Charity shopping is akin to shopping in TK Maxx. You have to be prepared to rummage. Sometimes there will be gems and other times there will absolutely bugger all. It also depends on where your charity shop is. The Oxfam in Cheltenham was fabulous, I bought many a brilliant book from there when on holiday. The charity shops in Stirling were pretty good because they contained a lot of student cast offs and also those of some of the fairly rich folk that lived in the area. I can't imagine anything of the Queen's ended up in them though. In Carlisle I try to buy most things from the shops on Botchergate as items are priced much cheaper than in the ones in the town centre. For example you might get a set of three cups and saucers for £2.50 on Botchergate whereas in the town centre it might cost you upwards of £5. I don't think I will ever find a bargain as good as the coat I bought though - £2.75 which is amazing for a massive winter coat, and astounding once I saw the label inside and saw it was Aquascutum!

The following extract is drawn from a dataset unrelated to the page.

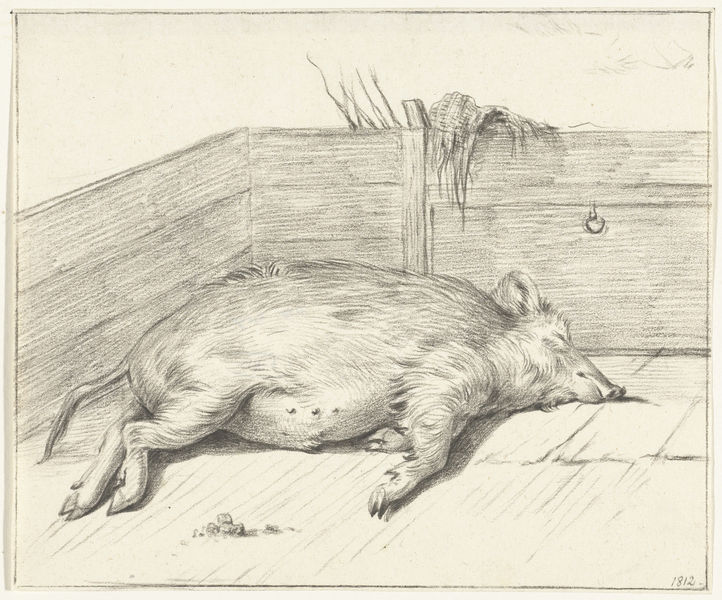
Titel: Liggend varken, in de hoek van een hok
Künstler: Jean Bernard
Standort: Amsterdam
Institution: Rijksmuseum
Schlagwörter: holz, zeichnung, schwanz, weiblich, schwein, kiste, sau, bache

On the day I bought the Aquascutum coat (some time in late 2006) I saw a lovely dinner service in the window of a charity shop that had unfortunately closed for the day. It was made in the 60s/70s and had a green and blue bold floral motif in the centre. It was gorgeous and £10. As I'd recently moved from Stirling, and was just setting up home properly after graduating I really wanted a nice set of plates. I wondered how the hell I would get it home as I didn't have a car and didn't really have any friends in the area yet. My mum came up on another shopping trip to Carlisle very soon afterwards and went in the shop but alas someone else had nabbed it! It must have been charity shop karma saying that I couldn't get two such good bargains...

In April 2007 I blogged about trying to find a milk jug in the charity shops and to no avail. I resorted to trusty eBay instead. I saw one with a lovely retro paisley-ish pattern on it and instantly recognised it as being by the same pottery (J & G Meakin) as the poppy plate because of the similarity in colours. I bagged it for a bargainous £4.50 including postage.

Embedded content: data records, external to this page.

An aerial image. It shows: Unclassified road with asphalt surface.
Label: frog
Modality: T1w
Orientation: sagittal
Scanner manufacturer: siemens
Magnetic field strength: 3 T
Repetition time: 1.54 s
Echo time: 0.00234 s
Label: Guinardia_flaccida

Three years on my friend Sara and I have been pottering around the town centre and been for a coffee. We decide to walk home down Botchergate to browse the charity shop windows. They weren't open as it was a Sunday but we noticed a nice cake stand for her as she intends to have a retro tea party stall at Solfest this year. Further down the road there was a part dinner service in exactly the same pattern as my milk jug!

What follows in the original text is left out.